OBM: Zuletzt hat der Stadtrat im Zusammenwirken mit einer Bürgerinitiative, dem sogenannten Radentscheid, ein Maßnahmenbündel zur Förderung des Fahrradverkehrs verabschiedet. Steht der Gratis-ÖPNV auch in diesem Kontext?

Florian Janik: Das steht in diesem Zusammenhang nicht direkt auf der Agenda, passt aber schon zusammen. Denn selbstverständlich trifft es die Philosophie des Radentscheids, Verkehrsmittel als Alternative zum Auto – den ÖPNV und den Umweltverbund – zu fördern.

Kostenlos-ÖPNV trotz Coronakrise in Erlangen

OBM: Nun sorgt die Coronakrise in vielen Städten für einen Wandel im Verkehrsverhalten und in der Mobilität. Der ÖPNV leidet unter rückläufigen Fahrgastzahlen und -einnahmen. Wie ist die Situation diesbezüglich in Erlangen? Und wie waghalsig ist es denn, in einer solchen Zeit auch noch kostenlose Angebote zu unterbreiten?

Florian Janik: Die Situation in Erlangen ist ähnlich wie anderswo. Auch bei uns ist die Nutzung des ÖPNV zurückgegangen. Die Menschen verhalten sich aufgrund der Coronakrise eben vorsichtig, was mögliche Kontakte mit anderen betrifft. Aber wenn wir als Gesellschaft weiter mobil sein wollen und wenn wir wissen, dass das Auto nicht das Verkehrsmittel der Zukunft sein kann, dann müssen wir überzeugende Angebote zum Umstieg machen. Letztlich handelt es sich um ein Serviceangebot, in einem bestimmten Bereich der Innenstadt den ÖPNV mit attraktivem Takt kostenlos nutzen zu können. Ich halte das im Zusammenhang mit der Coronafrage nicht für besonders riskant. Es ist eher ein Appetizer für den ÖPNV …

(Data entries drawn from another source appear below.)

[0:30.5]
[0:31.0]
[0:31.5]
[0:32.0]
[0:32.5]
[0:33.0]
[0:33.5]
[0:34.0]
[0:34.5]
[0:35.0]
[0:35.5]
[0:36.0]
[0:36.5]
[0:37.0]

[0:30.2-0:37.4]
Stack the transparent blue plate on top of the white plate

OBM: Aber wenn der ÖPNV nun unter rückläufigen Fahrgasteinnahmen leidet, erhöht ein kostenloses Angebot nicht diesen Finanzdruck?

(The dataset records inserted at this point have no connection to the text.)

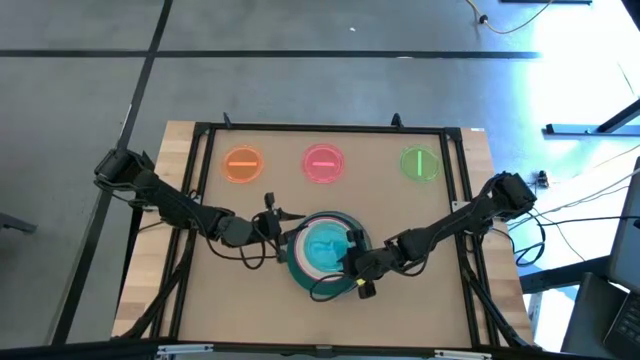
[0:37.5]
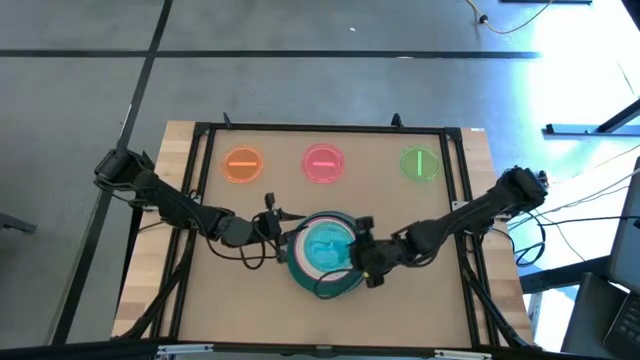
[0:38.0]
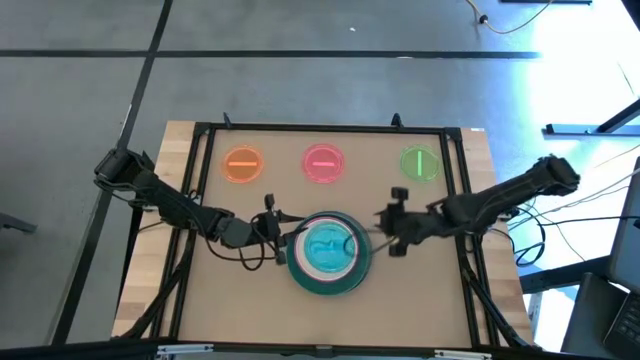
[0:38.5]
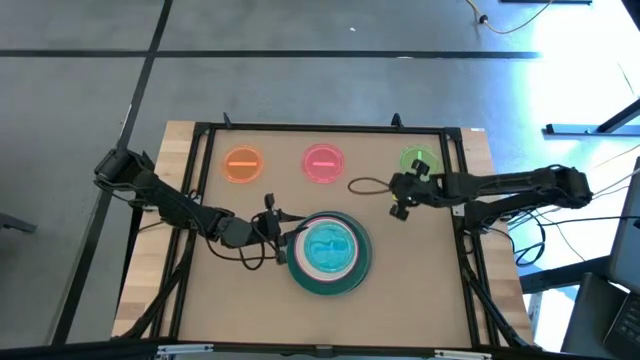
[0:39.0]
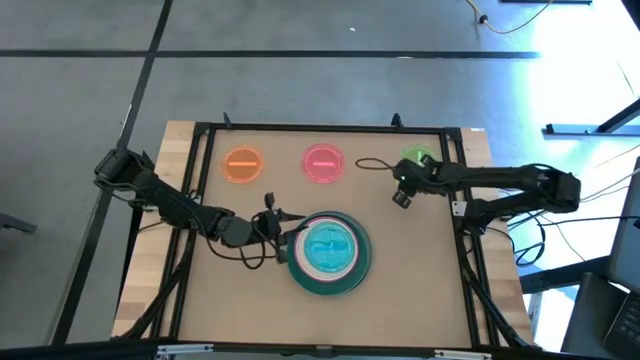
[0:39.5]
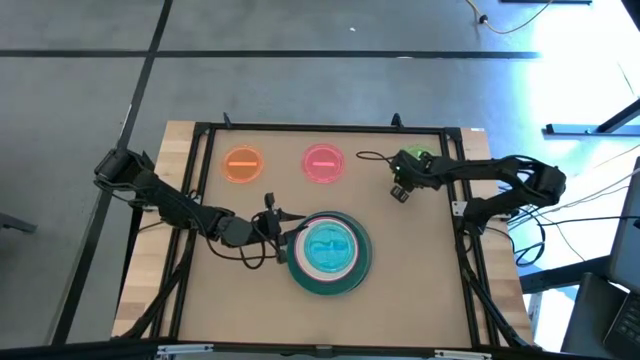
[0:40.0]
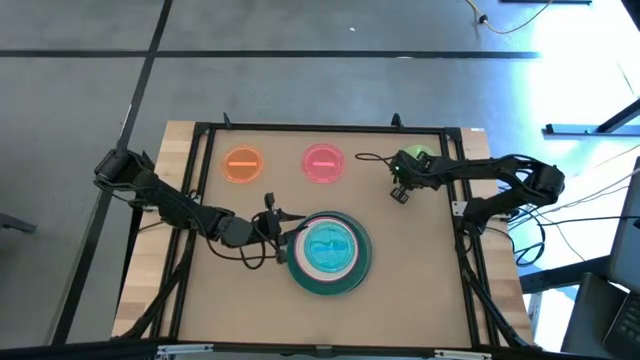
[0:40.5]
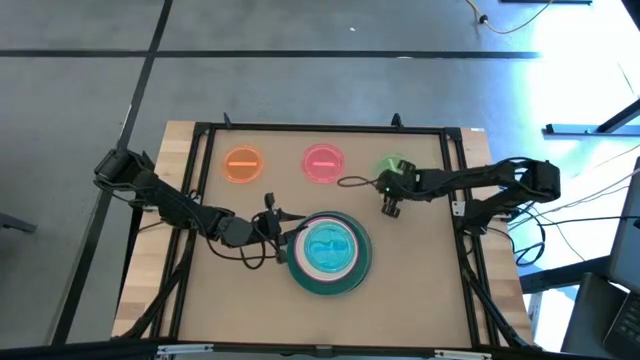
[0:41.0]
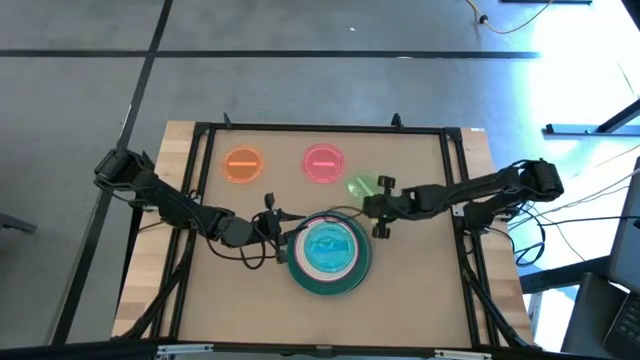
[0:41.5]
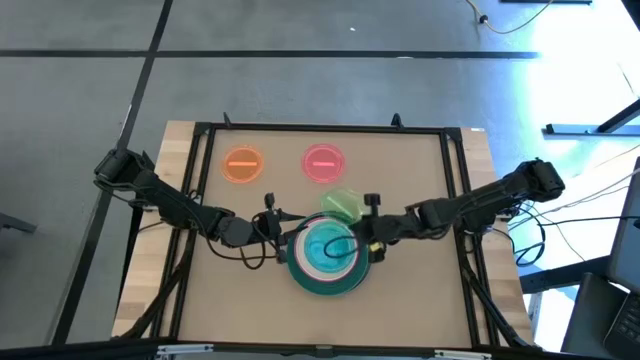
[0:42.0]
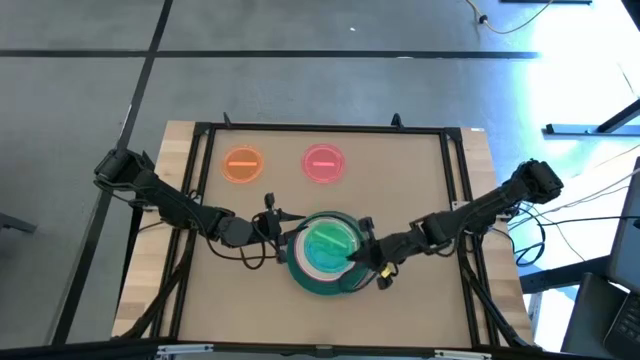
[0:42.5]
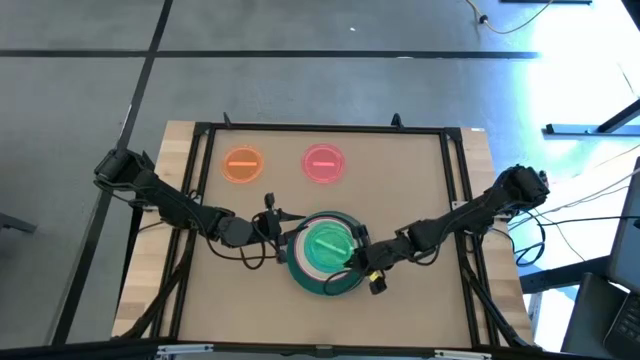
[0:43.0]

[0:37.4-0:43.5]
Stack the transparent green plate on top of the light blue plate

Florian Janik: Der Finanzdruck auf den ÖPNV ist hoch, das war schon vor Corona so. Das ist ein grundsätzliches Thema und betrifft die Frage nach der Finanzierung des ÖPNV allgemein. Hier vertrete ich die Haltung, dass – sofern wir gesamtgesellschaftlich den Umstieg auf den Umweltverbund wollen – Bund und Land nicht nur den Bau von Infrastruktur, sondern auch den Betrieb unterstützen sollten.

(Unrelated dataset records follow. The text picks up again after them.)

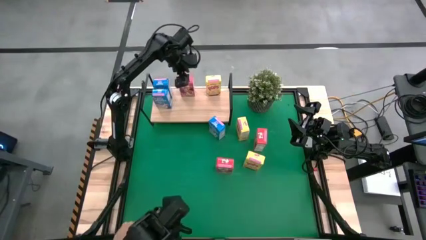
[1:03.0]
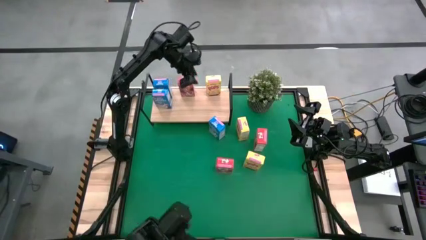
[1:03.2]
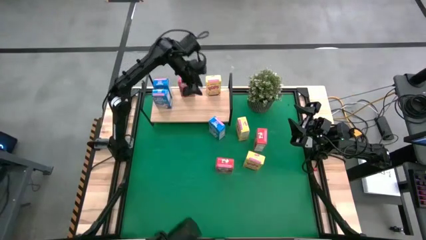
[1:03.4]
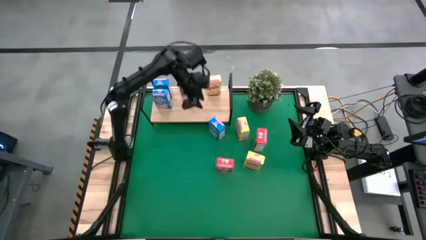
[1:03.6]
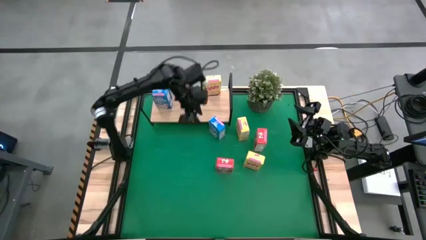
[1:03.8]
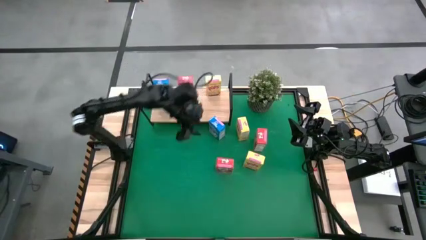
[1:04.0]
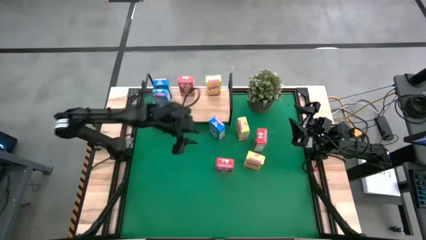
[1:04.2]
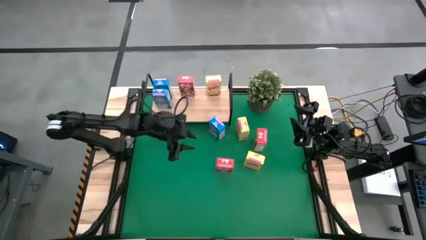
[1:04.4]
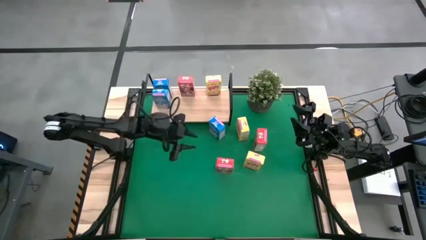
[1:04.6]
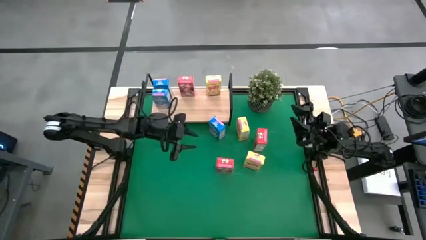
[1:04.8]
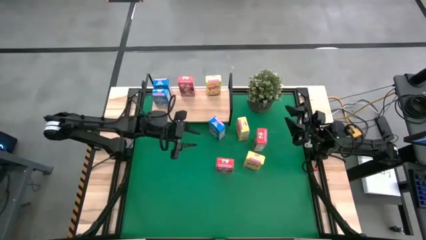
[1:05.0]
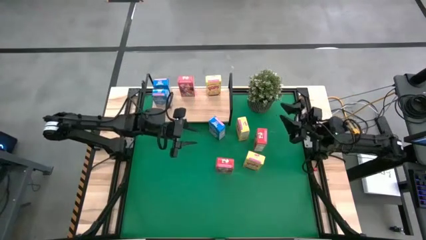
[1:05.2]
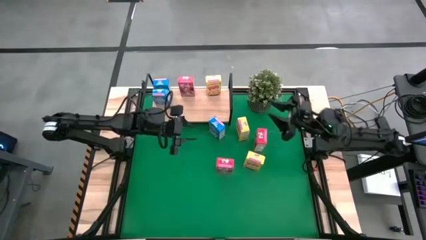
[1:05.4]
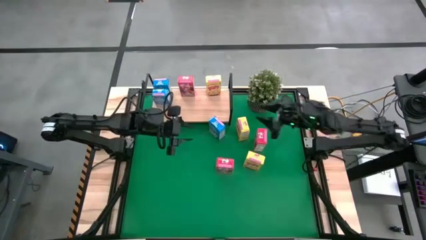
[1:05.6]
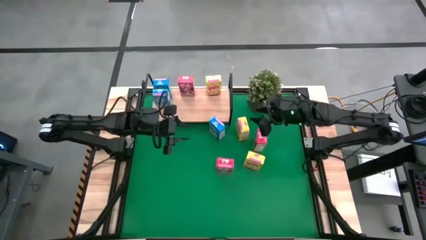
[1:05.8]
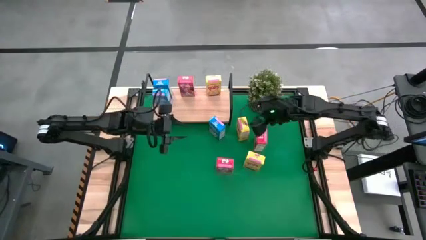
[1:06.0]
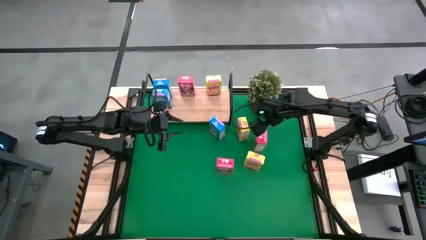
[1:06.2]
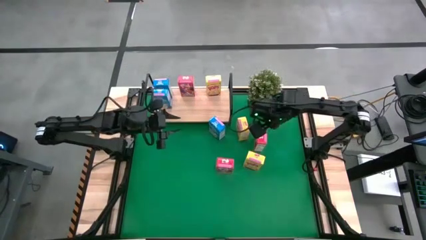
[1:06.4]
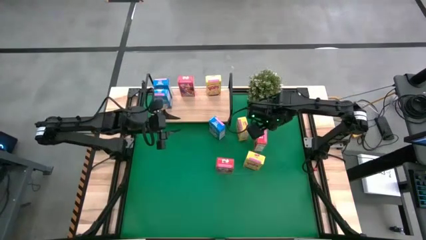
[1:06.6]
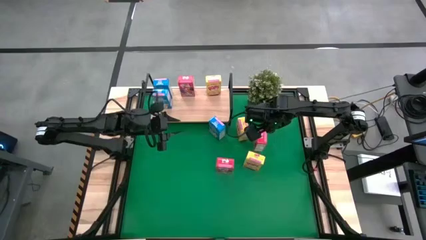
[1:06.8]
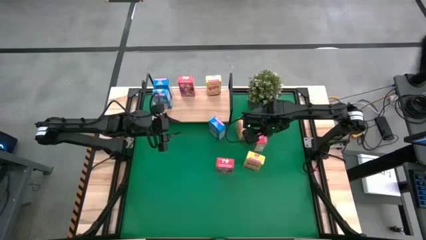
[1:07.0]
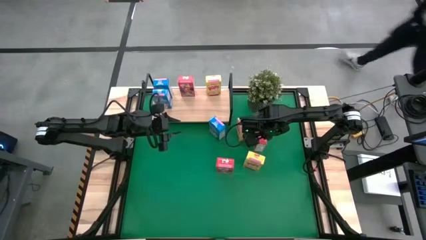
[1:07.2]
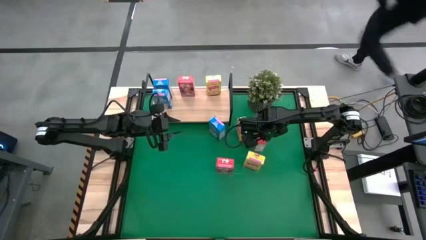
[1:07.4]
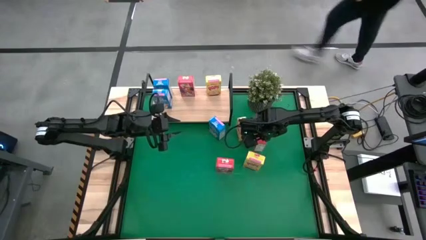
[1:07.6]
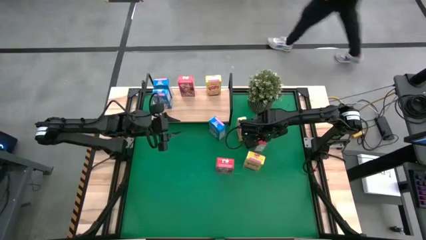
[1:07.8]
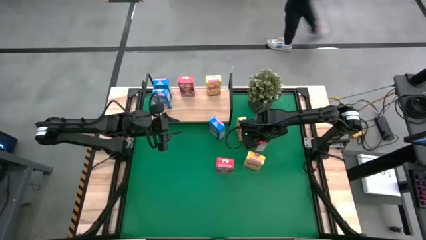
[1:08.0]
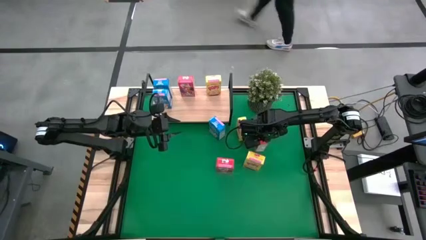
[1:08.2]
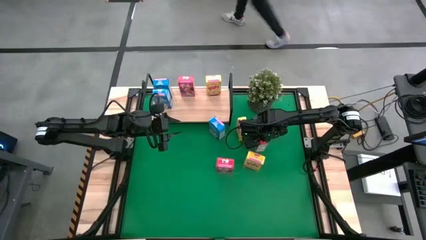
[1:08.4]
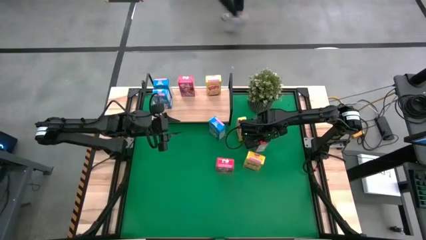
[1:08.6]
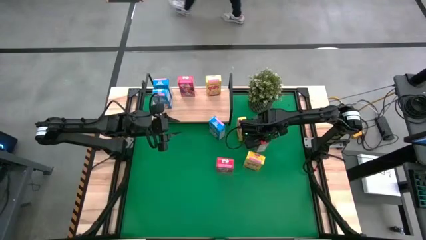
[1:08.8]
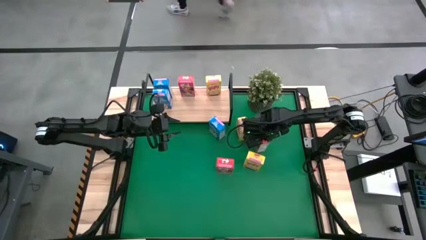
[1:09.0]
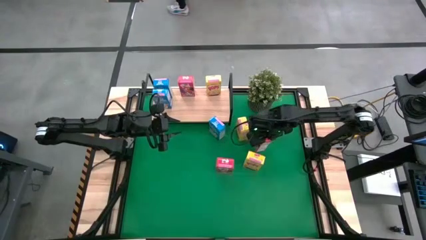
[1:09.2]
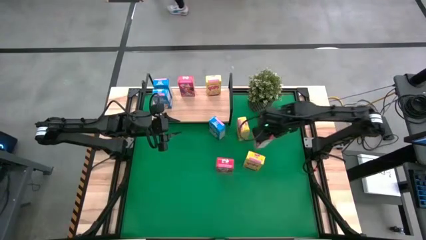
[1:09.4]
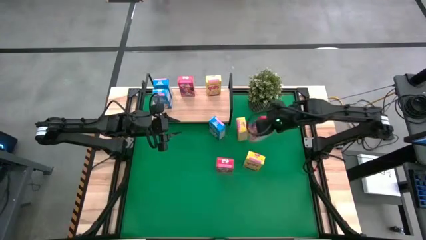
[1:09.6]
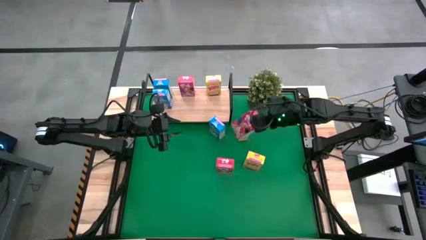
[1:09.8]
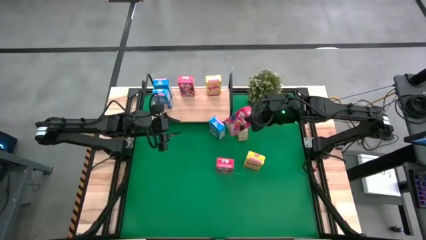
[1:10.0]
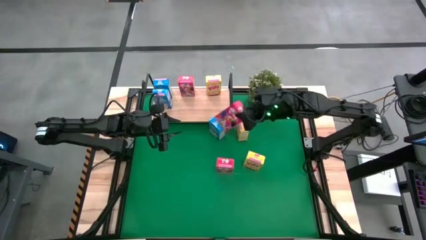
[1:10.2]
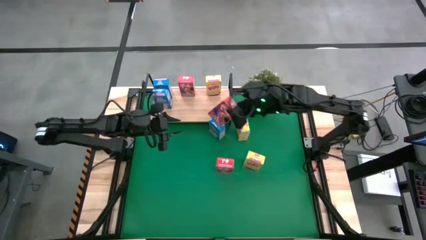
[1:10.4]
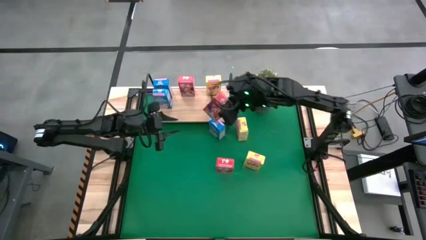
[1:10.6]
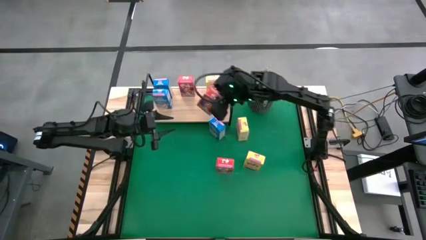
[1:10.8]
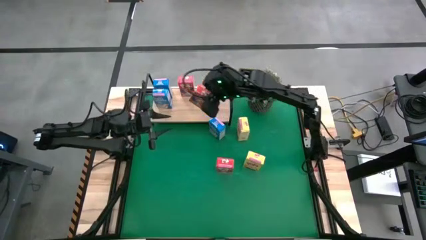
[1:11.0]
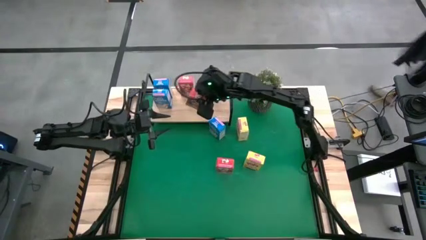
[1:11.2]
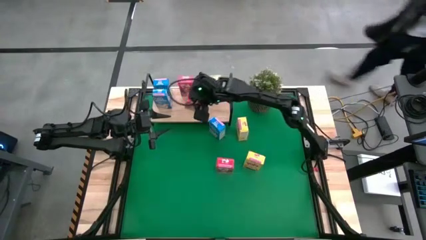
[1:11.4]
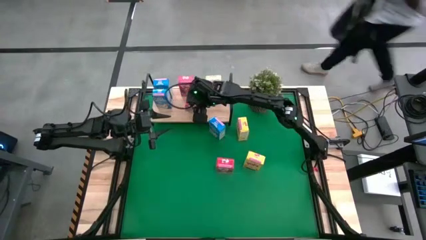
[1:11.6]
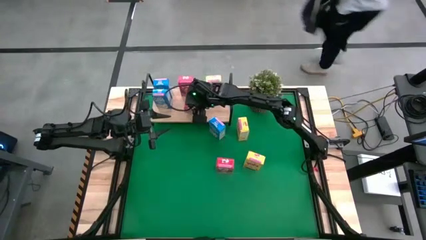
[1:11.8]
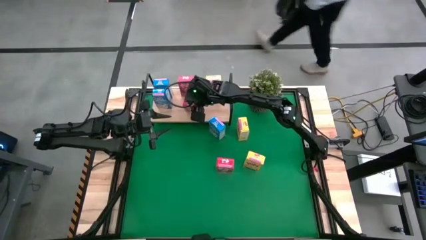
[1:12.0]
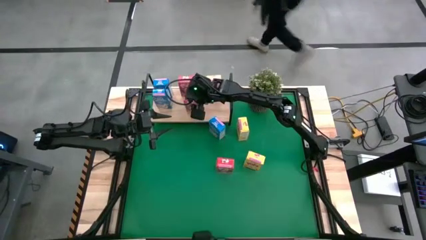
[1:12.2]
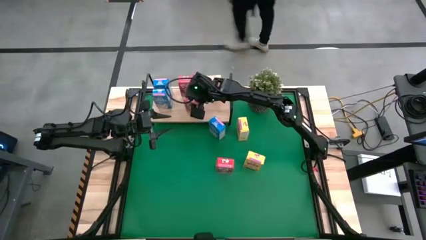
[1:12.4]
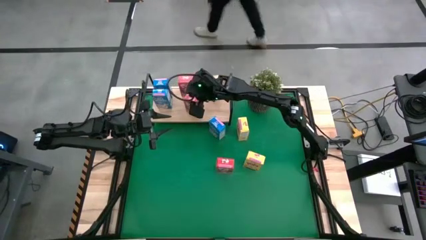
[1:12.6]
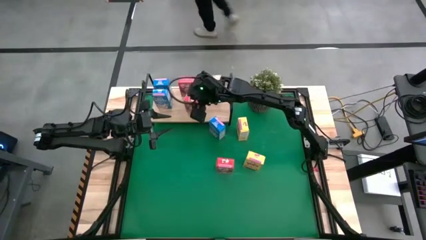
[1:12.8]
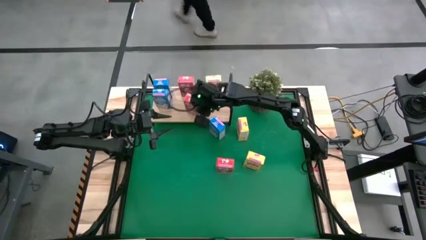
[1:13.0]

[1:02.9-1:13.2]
Task: Stack cereal on shelf
Put the top red cereal box aligned with the other red cereal box on the shelf

„Experiment“: Wie der Gratis-ÖPNV auf Klima und Verkehr wirkt

OBM: Welche Effekte erwarten Sie denn von dem Gratis-ÖPNV auf die Kämmerei?

Florian Janik: Tatsächlich wissen wir noch nicht, wie sich unser Vorhaben im Detail finanziell auswirkt. Wir erfassen zunächst, wie viele Personen das Kostenlosangebot überhaupt nutzen. Je mehr Personen es nutzen, umso höher wird die finanzielle Belastung der Stadt. Denn jede Kostenlosfahrt „kauft“ die Stadt beim Verkehrsverbund Großraum Nürnberg, dem VGN. Wir haben uns dazu entschieden, diese Leistung für unsere Bürger zu übernehmen. Für uns ist es ein Experiment, wir sammeln derzeit Erfahrungsdaten. Auch wir sind neugierige Beobachter und sehen dem Ergebnis entgegen, wie sich ein solches Angebot auf lokale Verkehrs-, Klima- und Umweltdaten auswirkt.

OBM: Wenn Sie vom Experiment sprechen: Ist das Vorhaben denn zeitlich befristet?

Florian Janik: Das liegt letztlich in der Hand des Stadtrats. Doch die Einführung des Gratis-ÖPNV ist nicht befristet.